We moved to Brooklyn from crane-land after my sister was born. This wasn’t like going to the suburbs, where there was space and trees and lawns, but to another part of the same city where you could afford a house with lots of room because the neighborhood was dangerous.
Park Slope was run-down, but the houses were big and filled with elaborate woodwork and beautiful raised details in the plaster. My dad took me there on the weekends before we moved; I’d watch in awe as he’d knock down flimsy plasterboard walls with a sledgehammer and send squadrons of cockroaches scattering through the cloud of dust. On the big day, we drove that blue Volkswagen station wagon over the bridge with a round wooden table strapped to the top.
Here was one of the great sights for a crane-loving boy: off to the right rose the first tower of the World Trade Center, and atop it, four giant cranes. Whenever we crossed the bridge, I checked its progress. Up it went, and I wondered: How would they get the cranes down when they got them to the top of the new buildings, the tallest in the world?
Any New Yorker who was little when the World Trade Center was being built should remember seeing it grow, and the mixture of wonder and alarm it conjured. I used to puzzle about getting those cranes down, but also something else—the buildings were so high, could a plane hit them? My father reassured me that the towers were lit up at night to warn the planes away, the broadcasting tower on top had a blinking red light and, anyway, airplanes carried rad
ar.
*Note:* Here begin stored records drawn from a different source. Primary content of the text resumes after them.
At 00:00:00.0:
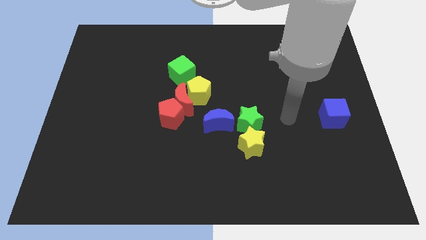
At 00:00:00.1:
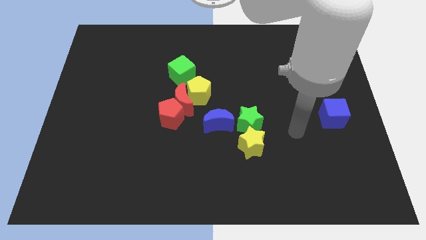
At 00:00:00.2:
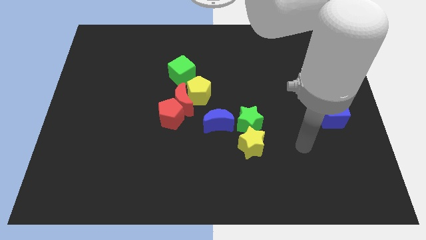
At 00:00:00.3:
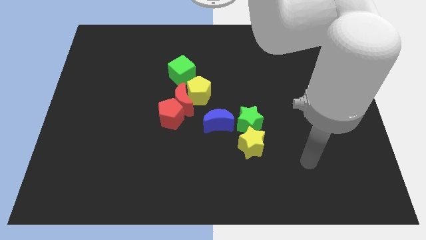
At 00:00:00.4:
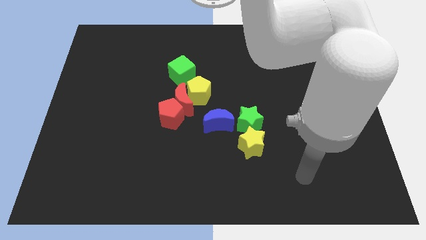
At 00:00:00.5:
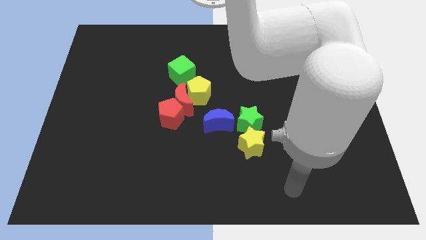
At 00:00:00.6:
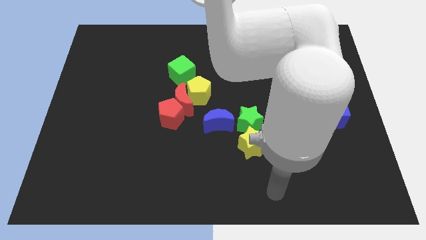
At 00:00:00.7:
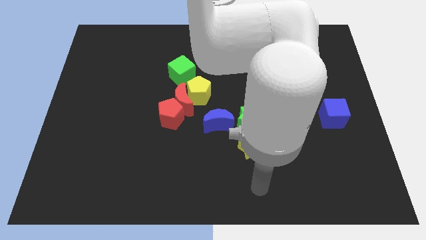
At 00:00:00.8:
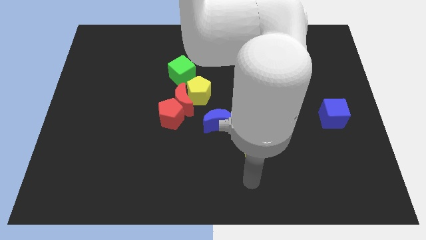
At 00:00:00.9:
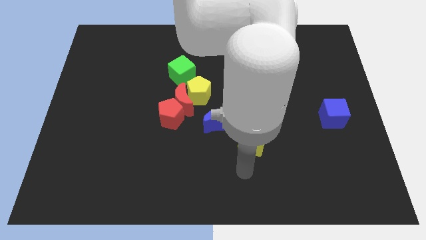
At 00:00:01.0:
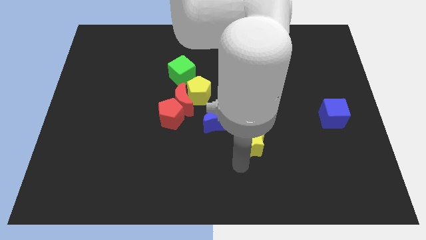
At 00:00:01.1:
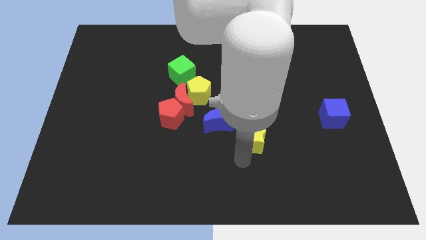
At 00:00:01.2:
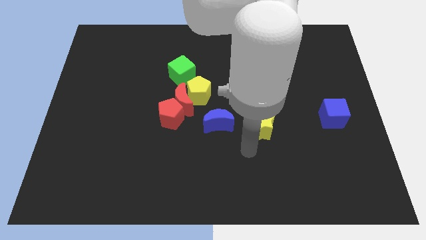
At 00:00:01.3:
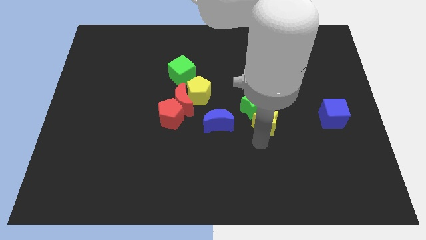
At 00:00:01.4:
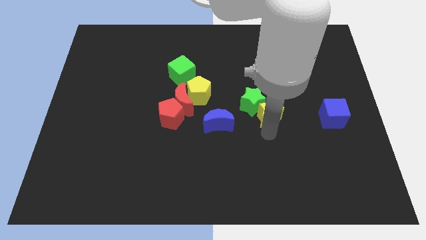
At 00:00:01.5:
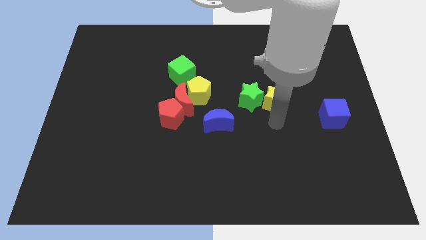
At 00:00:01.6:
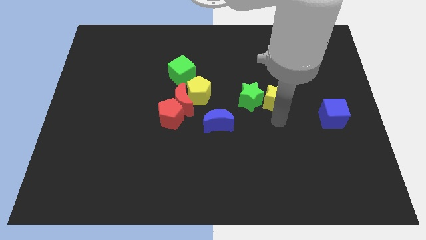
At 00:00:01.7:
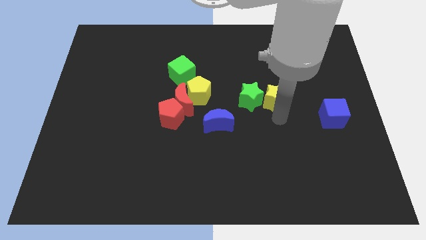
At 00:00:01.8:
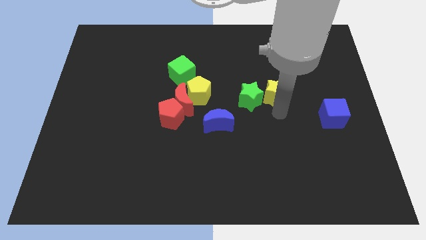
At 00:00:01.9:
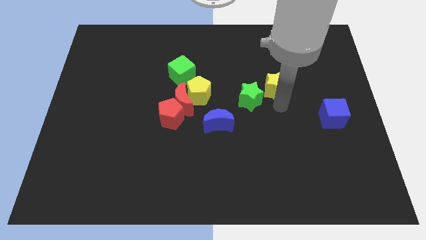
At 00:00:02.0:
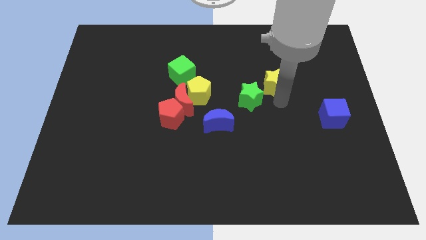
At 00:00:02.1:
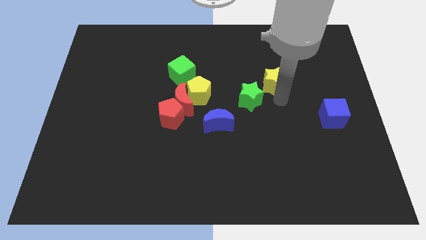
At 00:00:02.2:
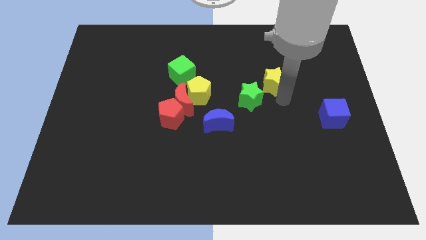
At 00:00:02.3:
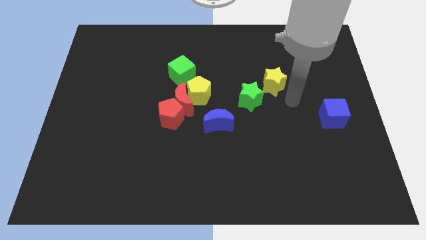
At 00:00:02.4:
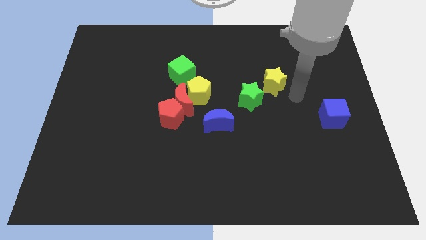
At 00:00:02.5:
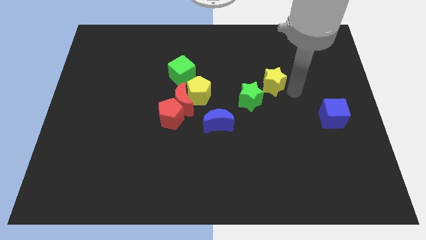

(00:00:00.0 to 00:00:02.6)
push the yellow star vertical to the green star

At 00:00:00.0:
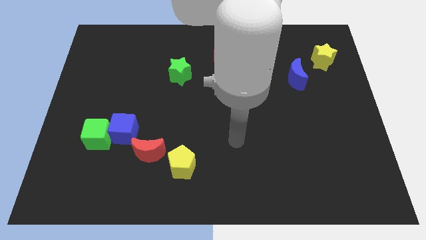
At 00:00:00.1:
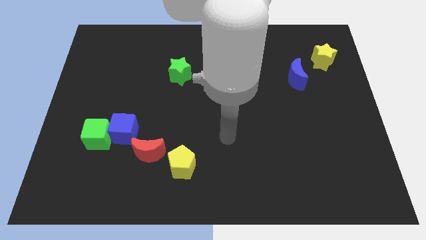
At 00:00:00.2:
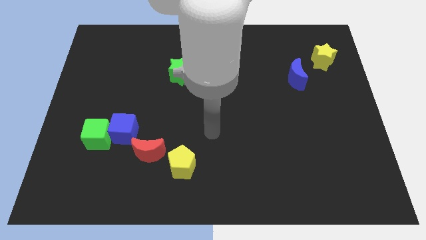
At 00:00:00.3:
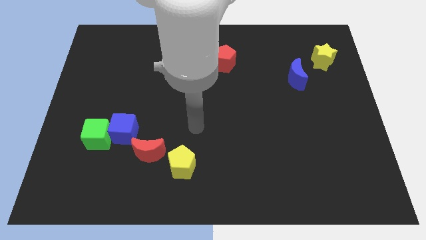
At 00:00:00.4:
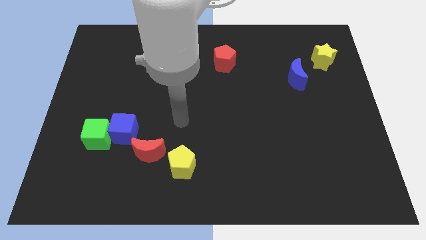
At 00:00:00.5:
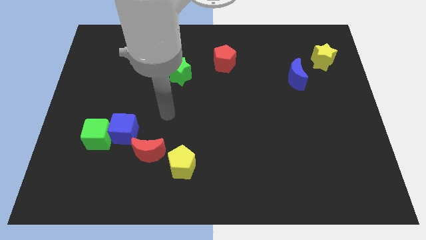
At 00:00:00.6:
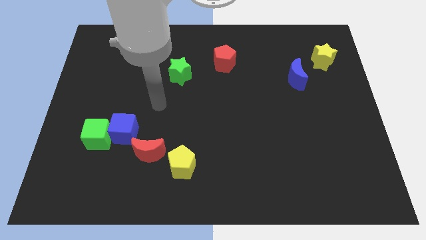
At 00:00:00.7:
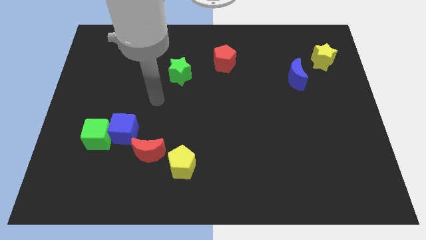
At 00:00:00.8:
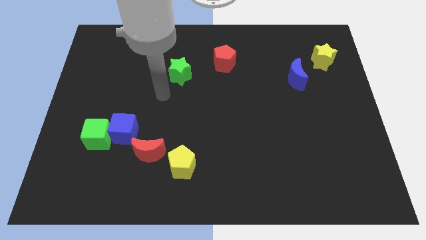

Still, I remember a frisson of worry every time I saw them, first one and then the other, climbing a little higher and pushing those cranes farther toward the clouds.
When the buildings opened, we went to dinner at the restaurant on the top. We were so high up, the people on the streets weren’t even ants. There were no people. There were no streets. The tables were on different levels, with brass railings between them, descending toward the windows, every one with a view.
That was an exciting night: we were tourists in our own city.
Little lights of humanity burned below us in buildings that rose from the earth like geometric stalagmites and in houses spread over the flatness rolling to the horizon. Rayleigh Scattering turned the edges of the sky pink and then red, tinting the railing next to our table and the white tablecloth. Then it was dark and it was like we were above a constellation of stars. It seemed at once reasonable and absurd that we were sitting so high up, nearly in the clouds, and that everyone else was down there.
The place where you grow up has a lot to do with who you are, and it holds a certain fascination for the rest of your life. I asked questions about New York City when I was little, and still do now. Would I be a different person if I’d grown up someplace else? Would I be more patient, or relaxed, or would the calm that I sense in many other places have calmed me to the point where I would cease to be the person I am? If I expressed my emotions in a foreign language, or even another accent, would they be the same emotions?